Dass Schmidt kein Scheibenwischer-Kabarettist ist, dem es etwa darum geht, die Zustände im Land zu kritisieren, um dadurch Impulse in diese oder jene Richtung zu setzen, scheinen indessen nicht alle Feuilleton-Redakteure der F.A.Z. zu begreifen. »Man kann doch sagen, was man will:«, beginnt Christian Geyer seinen Besinnungsaufsatz zur Rolle Harald Schmidts in den Schröder-Jahren, der hier ob seiner opaleszenten Rhetorik und inhaltlichen Widersinnigkeit umfangreich zitiert werden soll:

Selbst der dröge Jaspers mit seinen Stichworten zur geistigen Situation unserer Zeit wäre in den Zeiten wie diesen ein erträglicherer Satiriker als Harald Schmidt.
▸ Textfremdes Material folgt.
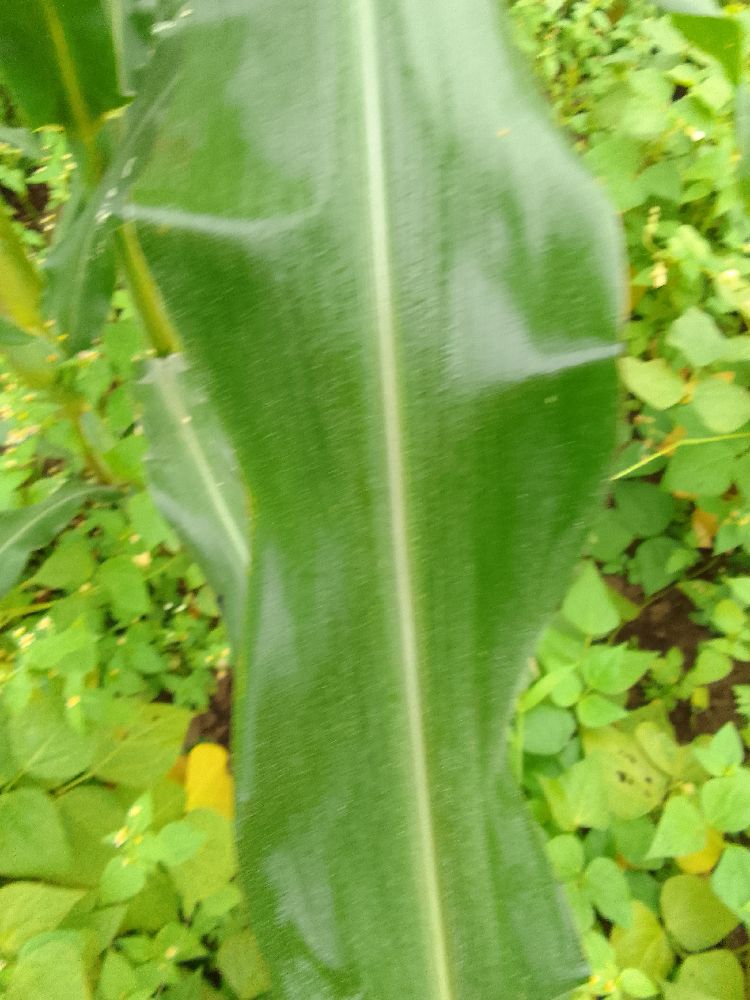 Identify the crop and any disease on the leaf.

So wie der Kanzler derzeit ein Heer von Renegaten hervorbringt [...], so ergeht es auch denjenigen aus den Kohorten seiner Hofnarren, die einfach weitermachen, weitermachen, weitermachen [sic!], als sei das Land noch immer das alte, als würde Deutschland nicht soeben kaputtregiert, als könne man die ökonomische Unvernunft nach wie vor als ein Feld der Kulturkritik unter anderen behandeln, sie nach den eingespielten Präferenzen von links und rechts bedienen, ohne zu sehen, daß inzwischen nicht nur irgendwelche Luxusartikel, auf die sich weiß Gott getrost verzichten ließe, sondern die Instanzen der Kritik selbst auf dem wirtschaftlichen Spiele stehen.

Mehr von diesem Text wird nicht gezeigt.